AI firm Anthropic recently announced that it would not be releasing its latest and most powerful model, Claude Mythos – a decision which has sent ripples through the cyber insurance industry
On 7 April 2027, artificial intelligence (AI) firm Anthropic announced it would not be releasing its latest and most powerful model, Claude Mythos, to the general public.

Alarmingly, Anthropic cited global cyber security concerns as the reason behind the decision, suggesting that the model was so adept at exploiting weaknesses in digital security that a “coordinated effort to reinforce the world’s cyber defences” was required before a public release was possible.

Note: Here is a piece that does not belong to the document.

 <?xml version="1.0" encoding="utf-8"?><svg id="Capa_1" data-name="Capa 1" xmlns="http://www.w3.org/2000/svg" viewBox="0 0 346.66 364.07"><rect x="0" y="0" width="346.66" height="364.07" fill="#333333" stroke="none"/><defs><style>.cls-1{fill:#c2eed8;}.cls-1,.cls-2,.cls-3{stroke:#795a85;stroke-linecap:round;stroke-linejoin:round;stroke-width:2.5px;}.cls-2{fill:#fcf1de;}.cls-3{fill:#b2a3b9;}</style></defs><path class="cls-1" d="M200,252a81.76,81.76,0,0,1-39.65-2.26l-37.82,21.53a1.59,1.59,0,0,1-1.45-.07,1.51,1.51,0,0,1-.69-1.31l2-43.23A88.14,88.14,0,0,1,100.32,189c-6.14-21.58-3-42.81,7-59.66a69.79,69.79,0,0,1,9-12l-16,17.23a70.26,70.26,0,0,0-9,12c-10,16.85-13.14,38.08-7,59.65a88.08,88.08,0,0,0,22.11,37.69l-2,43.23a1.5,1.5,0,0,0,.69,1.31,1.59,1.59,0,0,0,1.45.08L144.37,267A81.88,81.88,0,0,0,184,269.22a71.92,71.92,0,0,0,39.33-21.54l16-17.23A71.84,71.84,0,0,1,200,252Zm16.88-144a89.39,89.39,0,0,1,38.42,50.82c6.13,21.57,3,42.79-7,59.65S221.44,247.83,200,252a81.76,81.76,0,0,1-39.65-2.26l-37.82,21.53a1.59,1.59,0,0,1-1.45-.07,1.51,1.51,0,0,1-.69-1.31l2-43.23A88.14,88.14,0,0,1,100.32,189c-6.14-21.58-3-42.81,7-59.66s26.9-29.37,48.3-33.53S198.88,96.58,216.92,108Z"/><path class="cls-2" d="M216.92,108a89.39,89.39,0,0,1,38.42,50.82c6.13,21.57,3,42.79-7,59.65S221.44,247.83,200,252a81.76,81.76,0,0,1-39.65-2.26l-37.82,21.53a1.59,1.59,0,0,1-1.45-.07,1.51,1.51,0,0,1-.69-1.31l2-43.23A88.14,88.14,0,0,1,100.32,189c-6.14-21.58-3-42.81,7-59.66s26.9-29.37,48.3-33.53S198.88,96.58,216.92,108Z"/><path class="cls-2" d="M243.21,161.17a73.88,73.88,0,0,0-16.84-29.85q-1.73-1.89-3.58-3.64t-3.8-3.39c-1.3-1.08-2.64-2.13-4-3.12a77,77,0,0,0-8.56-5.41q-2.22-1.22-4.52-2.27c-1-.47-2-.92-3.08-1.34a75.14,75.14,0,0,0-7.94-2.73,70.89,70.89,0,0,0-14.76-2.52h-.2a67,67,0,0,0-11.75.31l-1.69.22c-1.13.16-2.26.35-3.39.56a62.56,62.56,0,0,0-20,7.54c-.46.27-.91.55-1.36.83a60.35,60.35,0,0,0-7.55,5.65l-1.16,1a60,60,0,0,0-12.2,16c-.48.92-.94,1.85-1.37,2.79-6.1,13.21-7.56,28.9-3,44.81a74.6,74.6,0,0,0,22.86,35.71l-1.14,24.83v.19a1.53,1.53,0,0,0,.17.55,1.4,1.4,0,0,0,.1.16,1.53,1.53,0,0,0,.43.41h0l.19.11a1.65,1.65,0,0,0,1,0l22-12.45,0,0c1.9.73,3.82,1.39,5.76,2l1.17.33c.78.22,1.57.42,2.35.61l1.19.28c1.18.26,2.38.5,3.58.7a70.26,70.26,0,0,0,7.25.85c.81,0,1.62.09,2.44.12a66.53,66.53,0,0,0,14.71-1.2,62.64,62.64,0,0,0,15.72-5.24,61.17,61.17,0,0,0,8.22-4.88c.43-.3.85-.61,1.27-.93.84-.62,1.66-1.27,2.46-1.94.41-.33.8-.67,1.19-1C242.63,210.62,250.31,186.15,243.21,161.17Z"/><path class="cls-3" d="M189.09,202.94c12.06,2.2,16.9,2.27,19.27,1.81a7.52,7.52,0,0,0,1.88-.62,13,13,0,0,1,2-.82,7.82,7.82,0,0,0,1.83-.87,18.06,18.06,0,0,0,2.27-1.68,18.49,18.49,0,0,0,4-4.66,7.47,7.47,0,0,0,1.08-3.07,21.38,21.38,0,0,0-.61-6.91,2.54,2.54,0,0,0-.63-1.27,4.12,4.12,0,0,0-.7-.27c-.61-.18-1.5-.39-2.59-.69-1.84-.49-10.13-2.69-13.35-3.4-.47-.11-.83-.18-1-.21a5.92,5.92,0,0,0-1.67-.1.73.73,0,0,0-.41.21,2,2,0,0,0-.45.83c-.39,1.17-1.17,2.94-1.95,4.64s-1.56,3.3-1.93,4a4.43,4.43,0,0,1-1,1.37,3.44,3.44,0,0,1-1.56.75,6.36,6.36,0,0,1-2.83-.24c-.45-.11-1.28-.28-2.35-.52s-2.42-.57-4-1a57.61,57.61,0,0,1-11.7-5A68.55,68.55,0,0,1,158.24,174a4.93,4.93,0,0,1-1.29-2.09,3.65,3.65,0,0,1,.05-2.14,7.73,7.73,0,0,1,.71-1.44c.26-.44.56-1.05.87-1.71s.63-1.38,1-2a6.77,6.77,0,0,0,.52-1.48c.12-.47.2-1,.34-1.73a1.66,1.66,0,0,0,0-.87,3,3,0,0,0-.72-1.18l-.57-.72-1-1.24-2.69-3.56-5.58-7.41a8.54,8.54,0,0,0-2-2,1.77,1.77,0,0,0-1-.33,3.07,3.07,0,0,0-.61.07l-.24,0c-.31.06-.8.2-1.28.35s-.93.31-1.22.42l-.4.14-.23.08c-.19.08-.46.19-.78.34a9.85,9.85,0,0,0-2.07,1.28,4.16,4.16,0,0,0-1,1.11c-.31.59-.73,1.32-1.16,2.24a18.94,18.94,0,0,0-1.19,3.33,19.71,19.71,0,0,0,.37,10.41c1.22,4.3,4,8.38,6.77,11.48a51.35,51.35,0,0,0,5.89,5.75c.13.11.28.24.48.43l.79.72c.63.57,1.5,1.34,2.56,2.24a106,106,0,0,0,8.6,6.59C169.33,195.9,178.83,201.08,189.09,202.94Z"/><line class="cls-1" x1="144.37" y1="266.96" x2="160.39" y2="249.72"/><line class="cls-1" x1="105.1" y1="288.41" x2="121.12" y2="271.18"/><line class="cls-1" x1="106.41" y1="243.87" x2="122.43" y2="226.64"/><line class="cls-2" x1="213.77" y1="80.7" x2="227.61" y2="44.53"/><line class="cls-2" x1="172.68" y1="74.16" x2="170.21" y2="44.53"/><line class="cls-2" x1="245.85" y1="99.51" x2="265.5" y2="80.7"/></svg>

Indeed, Anthropic’s internal safety team stated that the model was capable of “identifying and then exploiting zero-day vulnerabilities in every major operating system and every major web browser”.
The announcement, however, was met with a mixed response. Some lauded the firm’s intent to put safety ahead of speed, while others questioned the validity of the claims, pointing instead towards an over-hyped marketing stunt.
Tristan Fletcher, founder and chief executive of ChAI Protect – a firm that uses AI to create commodities pricing insurance – and honorary UCL and Cambridge machine learning lecturer, told Insurance Times that the truth likely lies somewhere in the middle.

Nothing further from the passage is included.